Two terrific summer weeks in the south of France with my family. The first week near Bergerac was notable for the unseasonably cool weather and rain although we all had a splendid time and even enjoyed an evening fire in the hearth. Subsequently there were fewer insects around than might be expected but it was as exciting as ever to see the unfamiliar, the lizards on the path, the swallowtail butterflies and the hummingbird hawk moths and carpenter bees around the flowering plants. There was much excitement one morning when the children came running to me to say that there was a snake in the pool filter. I went to retrieve the reptile and with excitement and trepidation I carefully lifted off the lid as the children squealed, to capture a ...... children's beanbag. Over the course of the week I fished a number of drowned insects from the pool and pinned them in my boxes, including quite a few hornets, clean and purposeful in their design but which seemed fatally drawn to the pool at night. My home made moth trap was spectacularly unsuccessful, I need to learn more about making an effective box beneath the light, and seemed to only attract hard to identify micro moths
We then spent a number of wonderful days camping by the river Dordogne under the castle on the cliff-top above Beynac and with the returning sun the insects were suddenly more evident. The meadow next to the campsite was teaming with giant bush crickets, cone-heads, mint beetles and many species of grasshoppers and I spent hours catching them in our net and taking photographs and drawing. There were also lots of caterpillars about, wasp spiders, banded agrion damsel flies, crayfish and barbel in the river, sand wasps on the banks and a red squirrel in the trees. The largest cricket was spotted by Freddie from inside the tent as it cast a shadow on the ceiling having alighted on the canvas in the early morning. The excitement and pleasure of seeing these lovely creatures, and actually having the time to sit with a light outside at night and to draw them, gives me a small and enviable understanding of how Wallace and Darwin must have felt when they first arrived in a tropical rainforest clutching an insect net and a satchel of containers.

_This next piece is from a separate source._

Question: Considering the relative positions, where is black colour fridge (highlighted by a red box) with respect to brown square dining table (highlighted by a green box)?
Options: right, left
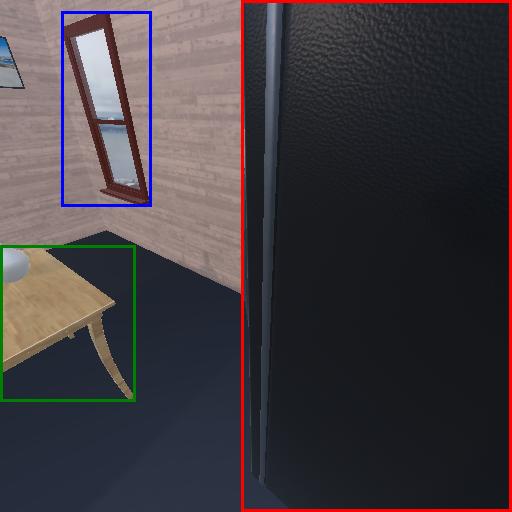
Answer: right

Wasp spider - Argiope bruennichi - web quite distinct as it has thick ladder-like sections vertically across the face of the web, called a stabilmentum. When found out and about the spider is quick on it's feet and hard to photograph.
A black and yellow Buff Tip caterpillar, Phalera bucephala.
A hawk moth caterpillar with it's distinctive hind-end horn. The shape of the caterpillar, with it's small head and tapering body, makes me think it might be the Hyles hippophaes, similar to the bedstraw hawkmoth, but the horn looks bluer than the picture in my collins insect guide.
I think that this may be a long-winged conehead, Ruspolia nitidula, I also saw short-winged coneheads and both were notable for their size and the large ovipositor at the end of the abdomen. (*See photo on ruler and watch of a large specimen, above) These are astonishingly hard to see amongst the long grass and rather slow moving so not easy to catch in the net like the more jumpy smaller grasshoppers. To catch these you need to just look hard until you can see them and then pick them up carefully. As with so many wild things I didn't see any until I had seen the first one and then the brain 'learns' what to look for and you see more. As well as the grasshoppers and green crickets there were black field crickets running about on the ground amongst the grass.
One of many brown and hard to identify grasshoppers. This one, here on a loo roll, was notably stocky and had beautiful white borders on top of it's thorax and along it's wing casings.
The glorious little mint beetle, a brilliant jewel amongst the leaves -
Chrysolina menthastri
Sand wasp - I think Sceliphron destillatorium, as it has a black abdomen and yellow and black legs. I watched it marching about with purpose on the sandy Dordogne river bank, perhaps looking for a nest hole or hunting for spiders and other prey to paralyse.